HIPAA & Hijacked SKYPE Passwords: Another Security Violation that Brings Viability of Online Counseling via SKYPE into Yet More Questioning

I just received an email from another listserv today, and thought of the blog post I wrote here a while back. Here’s the email I received and I’ll comment more below:

Thought I’d warn you of a thing that’s apparently going around in Skype.

HIPAAI had my Skype account hijacked, The hijacker changed my password and email address that was associated with my account so I could not get into the account again myself.

Then they placed phone calls and charged the credit card that’s on file for autobill with Skype.

It apparently started when I received a file attachment from a known business contact that looked like an image file but wouldn’t open after I downloaded it.

Skype customer service helped me out with it, but it’s a pain. Be careful with attachments – even if they come from trusted sources! If you don’t know what is being sent, confirm via text message before downloading anything!

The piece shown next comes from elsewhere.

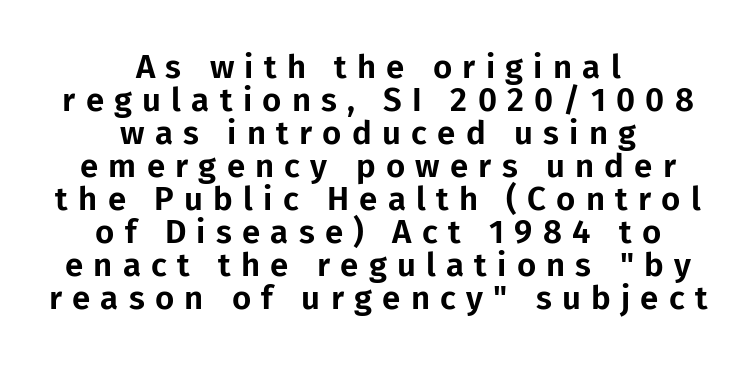
The image shows 33 px sans-serif type, upright; set centered, tight line spacing (1.0x), unusually wide letter spacing (+0.31 em), not underlined; low stroke contrast and a medium x-height.

I had the same thing happen to me with Chat rooms, where I would be in the room and receive messages from someone else who was posing as ME, teasing ME about SECURITY while I was talking to my world-wide programming staff.  That made me shy away from even thinking about using chat rooms with patients.

Now the report above is being circulated out of the blue from one of my other listservs.

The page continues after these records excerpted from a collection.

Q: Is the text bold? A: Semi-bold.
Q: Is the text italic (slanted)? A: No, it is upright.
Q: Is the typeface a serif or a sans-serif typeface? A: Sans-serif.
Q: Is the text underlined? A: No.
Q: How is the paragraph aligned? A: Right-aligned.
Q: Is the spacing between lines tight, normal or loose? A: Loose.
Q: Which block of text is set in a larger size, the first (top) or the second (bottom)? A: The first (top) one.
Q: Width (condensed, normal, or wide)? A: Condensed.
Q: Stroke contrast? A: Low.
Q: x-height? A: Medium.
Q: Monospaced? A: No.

I know SKYPE is supposedly encrypted way above HIPAA requirements, , but one does have to stop and wonder how those passwords were obtained. Was someone using an unencrupted wireless connection when they tried to acces their SKYPE account at some point?  Were they in a cafe and not thinking that someone esle might have set up a phishing operation across that cafe house wall?

What lesson does this event hold for us as practitioners? Should we include a statement in our consent forms that stipulates that clients/patients should not use wireless networks when entering their SKYPE address if they every want to use SKYPE for mental health treatment? How responsible are they vs. us if they “forget” and their confidentiality is violated?  Are we at fault even if we asked them to sign a consent form addressing this issue?